File "/root/miniconda3/envs/EasyLM/lib/python3.8/site-packages/transformers/modeling_utils.py", line 3278, in _load_pretrained_model raise RuntimeError(f"Error(s) in loading state_dict for {model.class.name}:\n\t{error_msg}") RuntimeError: Error(s) in loading state_dict for LlamaForCausalLM: size mismatch for model.embed_tokens.weight: copying a param with shape torch.Size([49954, 64]) from checkpoint, the shape in current model is torch.Size([32000, 64]). size mismatch for lm_head.weight: copying a param with shape torch.Size([49954, 64]) from checkpoint, the shape in current model is torch.Size([32000, 64]). You may consider adding ignore_mismatched_sizes=True in the model from_pretrained method.

However, I change the source code with ignore_mismatched_sizes=True

model = LlamaForCausalLM.from_pretrained(tmp_model_path, torch_dtype=torch.float16, ignore_mismatched_sizes=True)

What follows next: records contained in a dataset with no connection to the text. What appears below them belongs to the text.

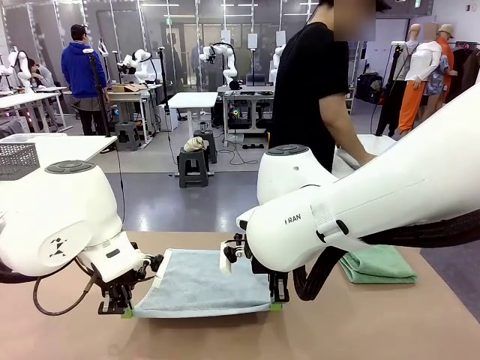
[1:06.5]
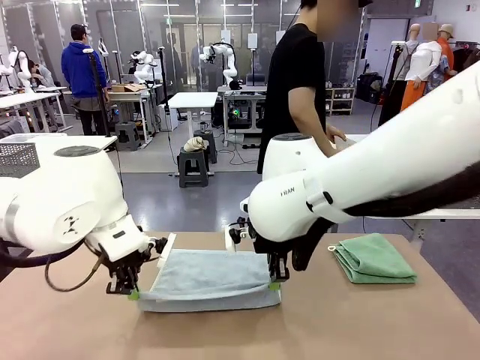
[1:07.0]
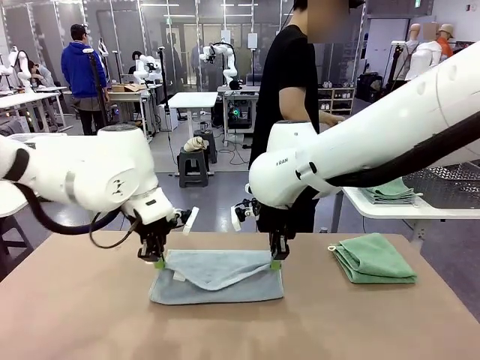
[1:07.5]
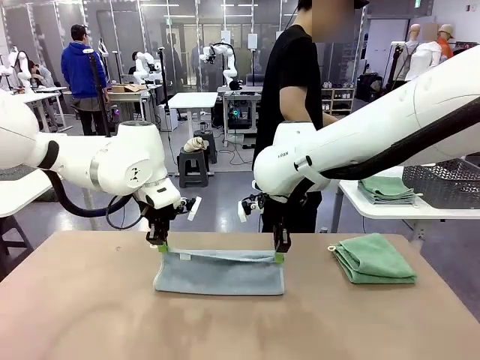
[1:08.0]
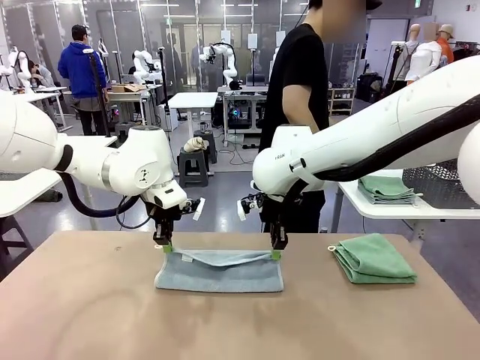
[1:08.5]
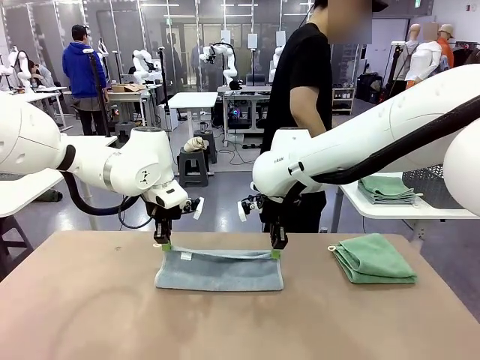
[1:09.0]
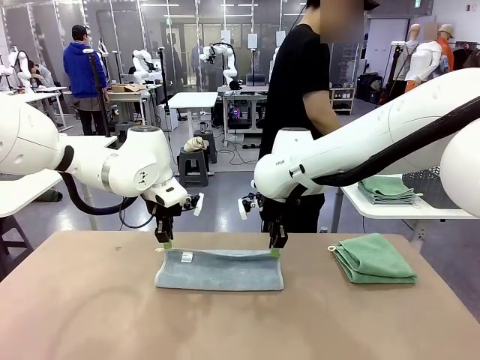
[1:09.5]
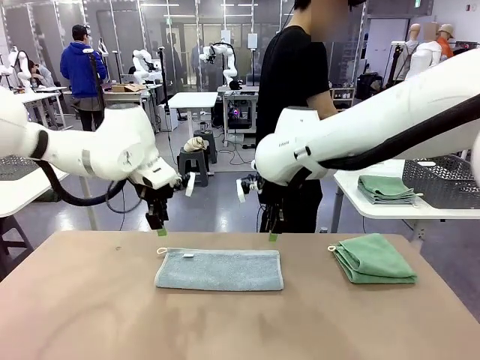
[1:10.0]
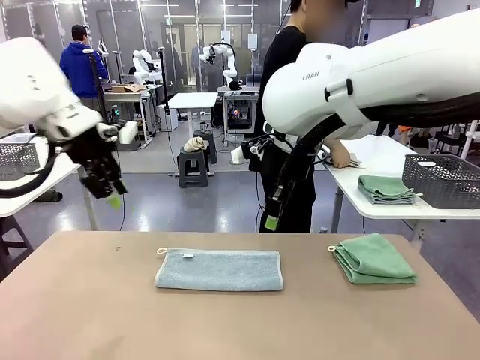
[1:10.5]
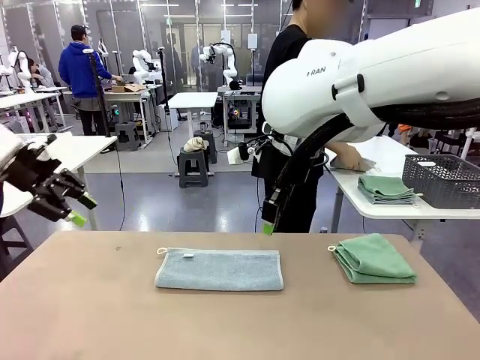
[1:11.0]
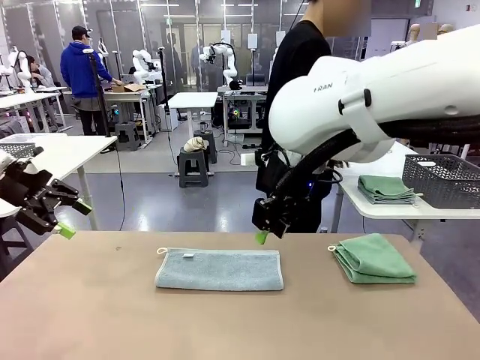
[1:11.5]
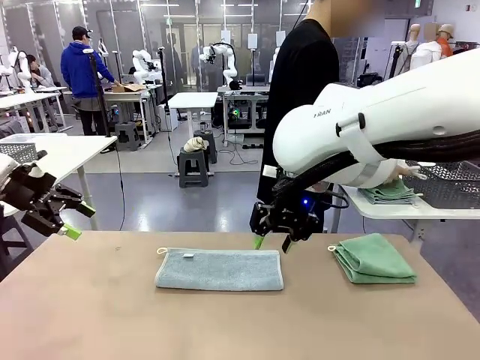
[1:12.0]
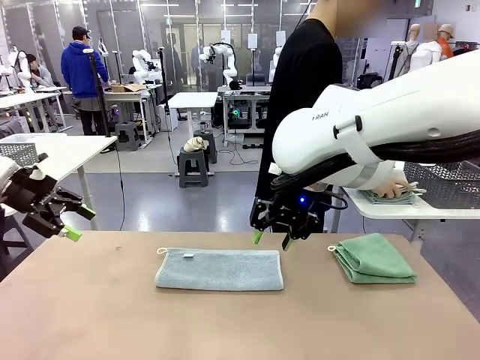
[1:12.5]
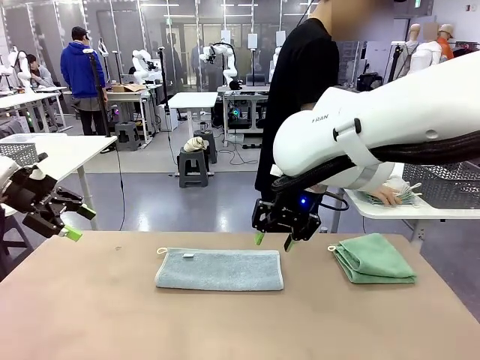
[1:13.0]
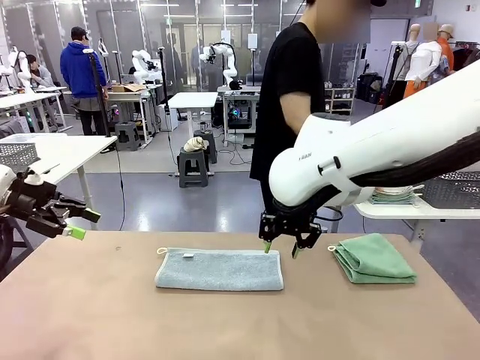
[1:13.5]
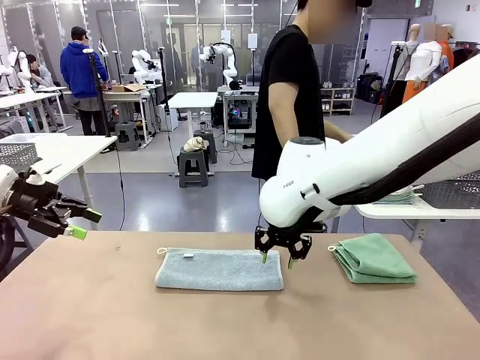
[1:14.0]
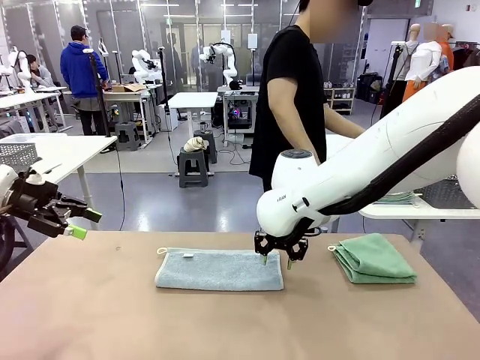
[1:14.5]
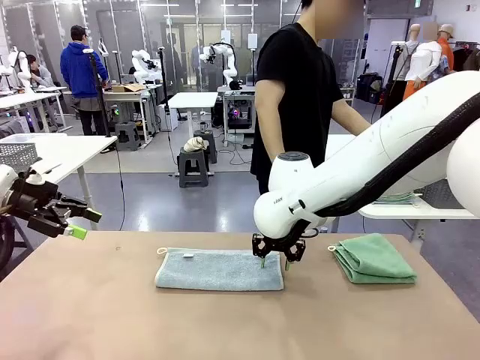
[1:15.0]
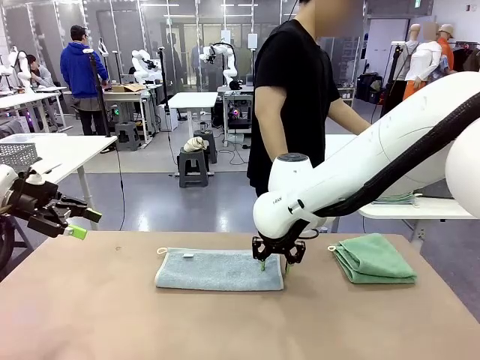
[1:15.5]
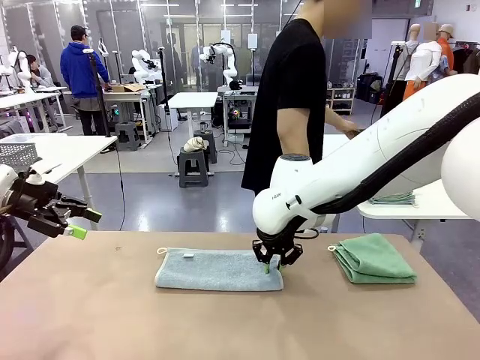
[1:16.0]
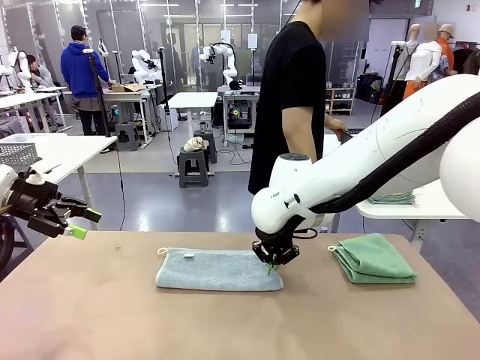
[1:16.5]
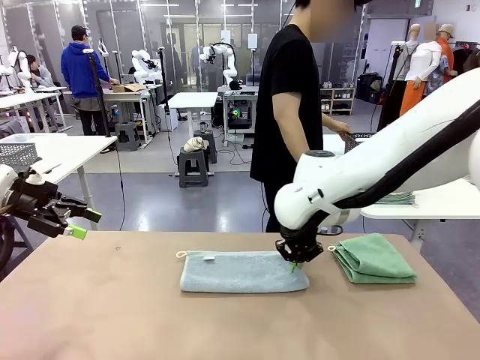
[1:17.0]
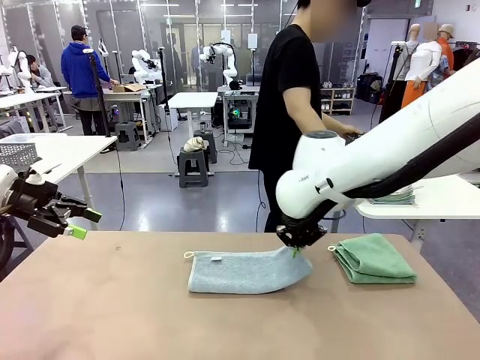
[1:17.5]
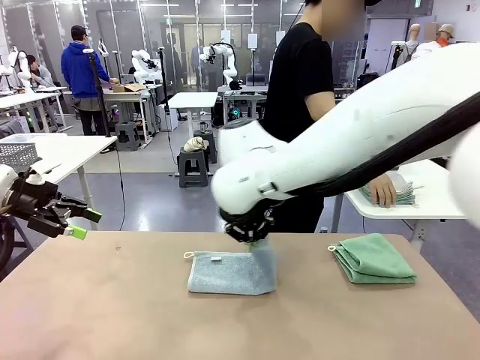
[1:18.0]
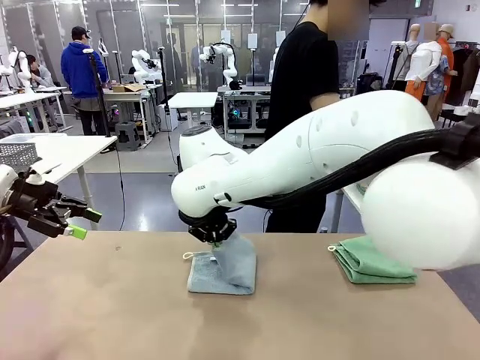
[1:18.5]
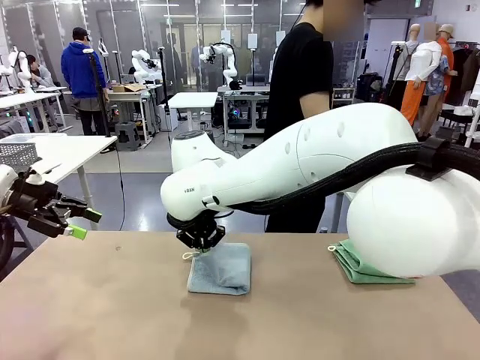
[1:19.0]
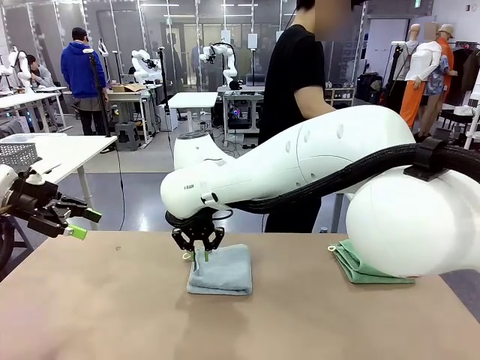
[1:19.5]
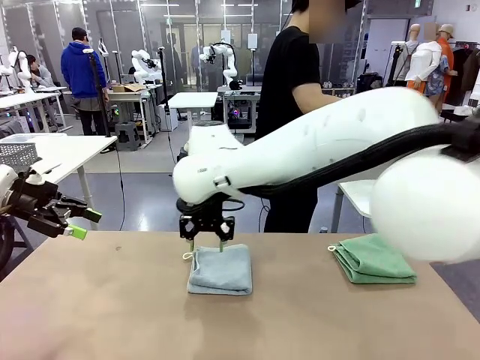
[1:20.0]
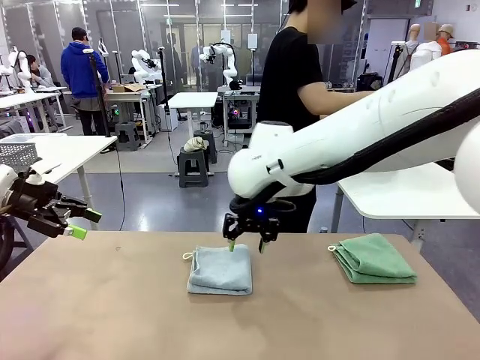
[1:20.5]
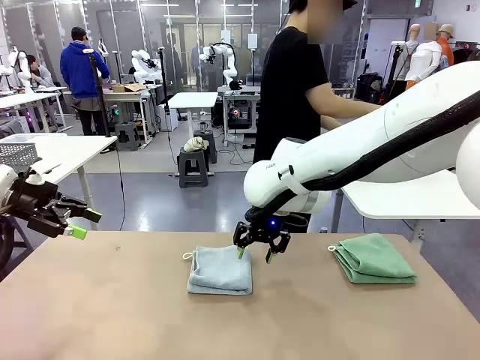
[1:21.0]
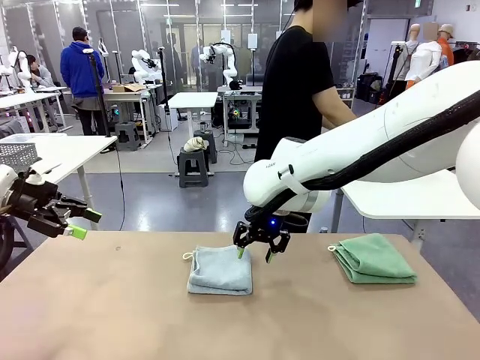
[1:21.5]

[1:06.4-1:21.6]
Robot: When a person lays out a Towel with hook on the table, fold it in half twice.
Person: Pick up the stack of towels from the right side of the human table, place it into the basket, and put the basket at the center of the table.

It will cause another error,

Traceback (most recent call last): File "/root/miniconda3/envs/EasyLM/lib/python3.8/runpy.py", line 194, in _run_module_as_main return _run_code(code, main_globals, None, File "/root/miniconda3/envs/EasyLM/lib/python3.8/runpy.py", line 87, in _run_code exec(code, run_globals) File "/data/ketadb/EasyLM/EasyLM/models/llama/convert_easylm_to_hf.py", line 297, in mlxu.run(main) File "/root/miniconda3/envs/EasyLM/lib/python3.8/site-packages/absl/app.py", line 308, in run _run_main(main, args) File "/root/miniconda3/envs/EasyLM/lib/python3.8/site-packages/absl/app.py", line 254, in _run_main sys.exit(main(argv)) File "/data/ketadb/EasyLM/EasyLM/models/llama/convert_easylm_to_hf.py", line 289, in main write_model( File "/data/ketadb/EasyLM/EasyLM/models/llama/convert_easylm_to_hf.py", line 205, in write_model model = LlamaForCausalLM.from_pretrained(tmp_model_path, torch_dtype=torch.float16, ignore_mismatched_sizes=True) File "/root/miniconda3/envs/EasyLM/lib/python3.8/site-packages/transformers/modeling_utils.py", line 2881, in from_pretrained ) = cls._load_pretrained_model( File "/root/miniconda3/envs/EasyLM/lib/python3.8/site-packages/transformers/modeling_utils.py", line 3218, in _load_pretrained_model mismatched_keys += _find_mismatched_keys( File "/root/miniconda3/envs/EasyLM/lib/python3.8/site-packages/transformers/modeling_utils.py", line 3141, in _find_mismatched_keys and state_dict[checkpoint_key].shape != model_state_dict[model_key].shape KeyError: 'model.layers.1.self_attn.q_proj.weight'

young-geng commented 1 year ago

You might want to change the vocab size in the conversion script in addition to the model file.

xzqxnet0990 commented 1 year ago

It is really easy to fix this problem, I add the vocab_size into LLAMA_CONFIGS

'3b': { 'vocab_size': 32000, 'dim': 3200, 'intermediate_size': 8640, 'n_layers': 26, 'n_heads': 32, 'norm_eps': 1e-6, },

and loading the LLamaConfig with vocab_size

config = LlamaConfig( hidden_size=dim, intermediate_size=params["intermediate_size"], num_attention_heads=params["n_heads"], num_hidden_layers=params["n_layers"], rms_norm_eps=params["norm_eps"], vocab_size=params["vocab_size"] ) Then I test it, it worked.